The larger the aperture (lower the F stop number of the lense) the shorter exposure it needs (i.e. less blur and shaking) Conversely, as the aperture gets larger the field of depth narrows, i.e. things in front of and behind the focus zone will be out of focus. With old film based cameras, it was easy, anything physically smaller than the aperture hole in the lense, was blurred out of focus. a bit like the catfish photo, notice how the moss just behind it is blurred.


----------



## Goomie

Ah that makes a lot of sense! Of course I was shooting on auto being completely inexperienced. But I can practice and learn! Soon I'll have beautiful photos of my tank that shows it off the way it should be


----------



## gregorylampron

Fish look happy and very colorful. Nice natural looking tank

Please keep hands off glass.


----------



## Goomie

Why thank you  I like to think they're happy.


----------



## mot

Jason Baliban's website was a big help to me when I was starting out. Have a look Planted Aquarium Tank Articles - Planted Aquarium Photography with a Point and Shoot Camera - Project Aquarium


----------



## Goomie

WOW VERY informative!
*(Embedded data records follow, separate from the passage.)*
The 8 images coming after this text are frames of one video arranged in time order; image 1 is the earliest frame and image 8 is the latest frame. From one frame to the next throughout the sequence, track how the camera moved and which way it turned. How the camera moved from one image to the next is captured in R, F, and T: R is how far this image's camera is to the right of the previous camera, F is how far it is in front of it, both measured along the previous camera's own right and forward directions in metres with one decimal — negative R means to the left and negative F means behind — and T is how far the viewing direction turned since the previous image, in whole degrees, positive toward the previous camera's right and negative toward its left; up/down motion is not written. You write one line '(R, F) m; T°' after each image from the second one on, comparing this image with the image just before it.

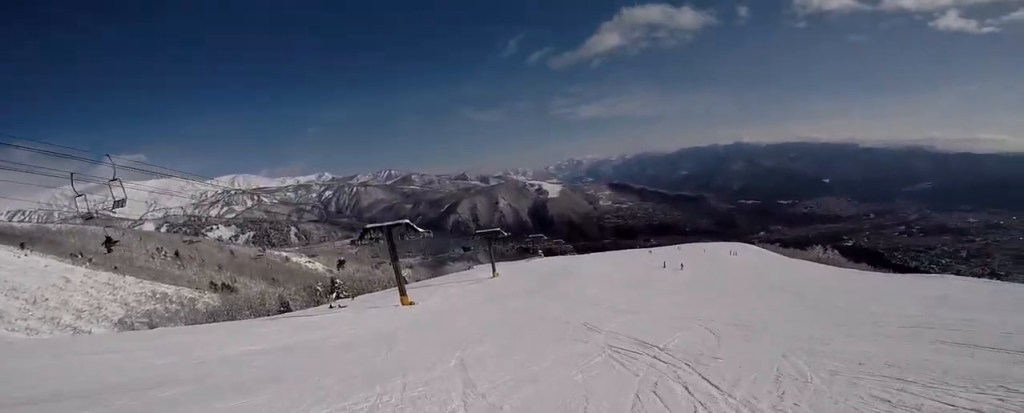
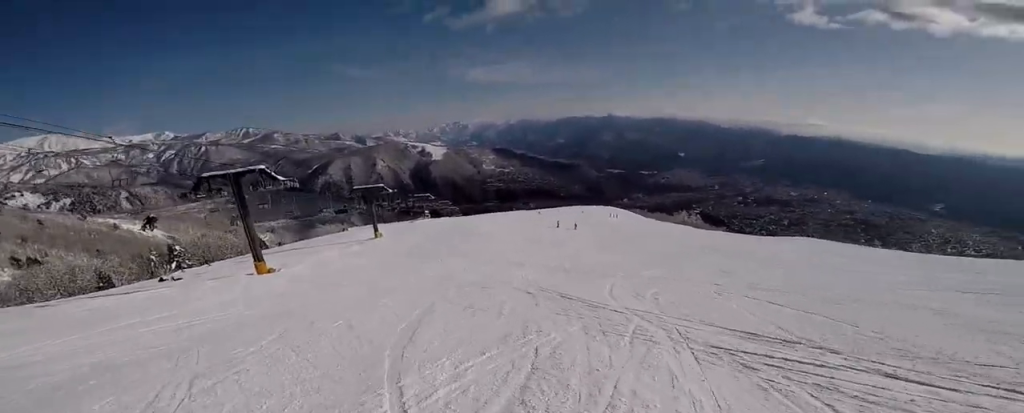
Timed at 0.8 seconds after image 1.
(-0.2, +6.4) m; +8°
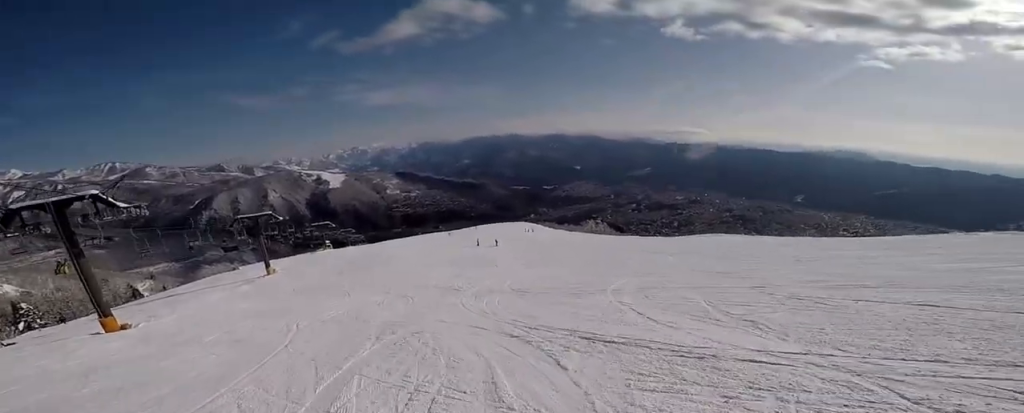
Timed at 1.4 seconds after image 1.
(-1.0, +4.5) m; +14°
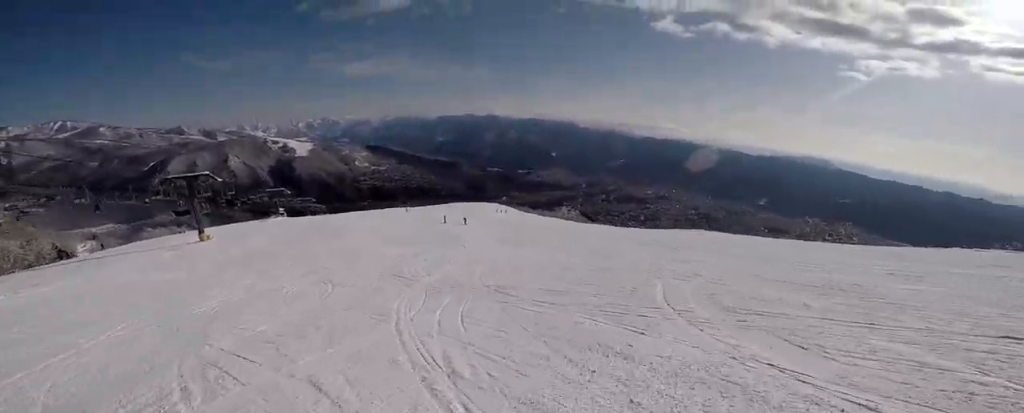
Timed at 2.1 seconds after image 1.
(+2.4, +5.0) m; +18°
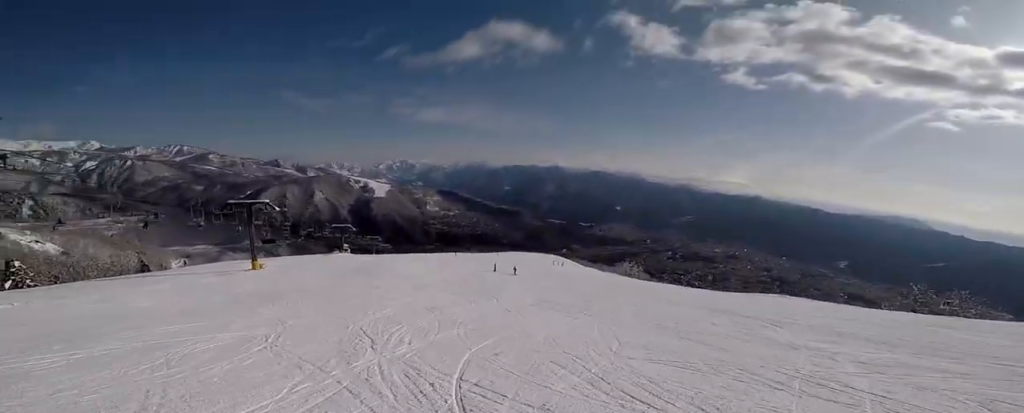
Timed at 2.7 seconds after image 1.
(+0.7, +5.2) m; +8°
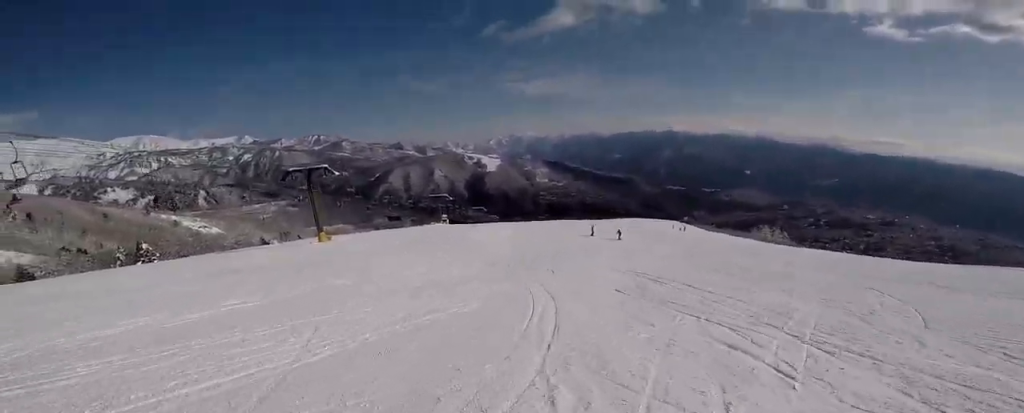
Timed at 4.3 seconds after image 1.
(-0.2, +12.6) m; -24°
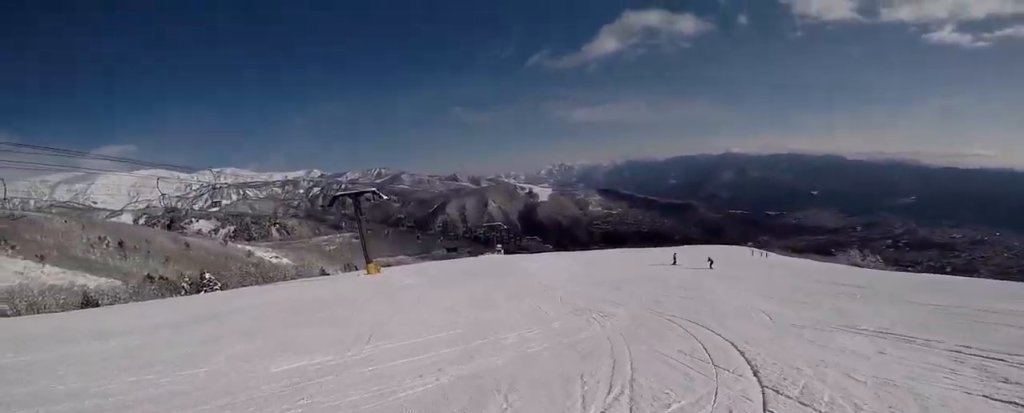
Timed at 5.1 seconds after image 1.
(-2.2, +6.2) m; -19°
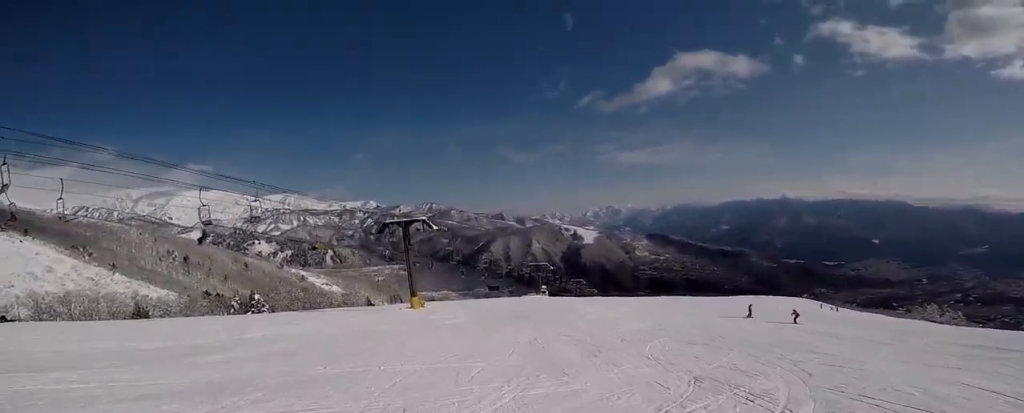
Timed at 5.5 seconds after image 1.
(-0.6, +4.0) m; -8°
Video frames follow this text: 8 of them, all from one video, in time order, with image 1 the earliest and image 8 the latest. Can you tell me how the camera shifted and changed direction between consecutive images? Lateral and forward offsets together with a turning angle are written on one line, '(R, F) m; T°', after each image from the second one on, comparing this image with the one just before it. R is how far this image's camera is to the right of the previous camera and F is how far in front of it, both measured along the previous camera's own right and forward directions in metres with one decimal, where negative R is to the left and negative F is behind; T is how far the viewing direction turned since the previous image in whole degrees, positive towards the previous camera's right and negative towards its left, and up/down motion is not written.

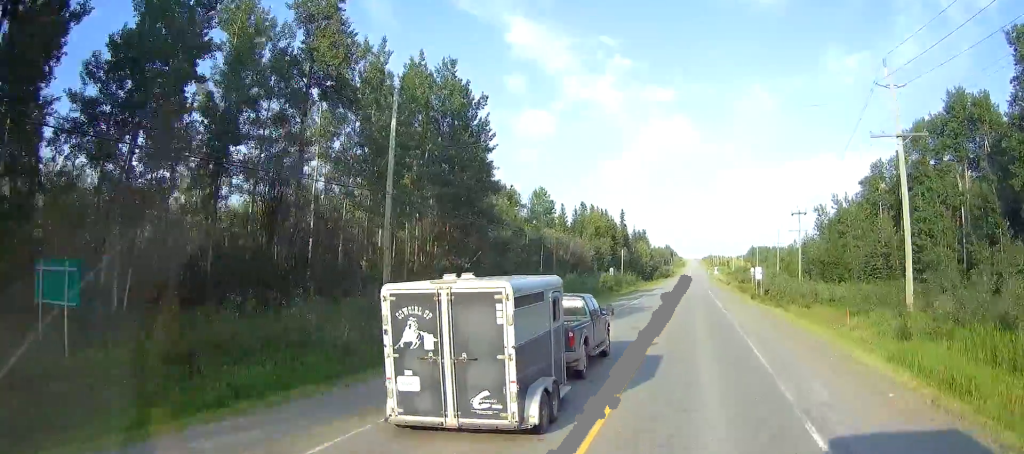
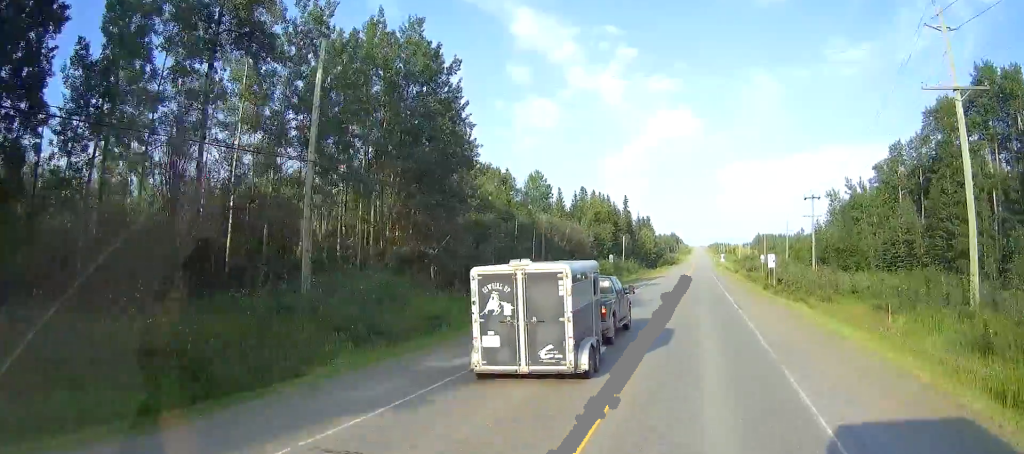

I want to snap up my boyfriends camera and start playing with all the settings now lol! I think he's sick of my obsession with my tank but I am quite proud of what I've produced and the amount of time and effort I've put into it. And I'd love to get accurate, high quality pictures to show off my tank  great guide, thank you for sharing.


----------



## Goomie

OK apparently I need A LOT more practice because most of my pictures came out super dark lol. This camera has 1000 buttons and I don't know how to change some of the settings even in manual mode, not to mention the LCD screen makes everything look blurry and I have no laptop for picture review. 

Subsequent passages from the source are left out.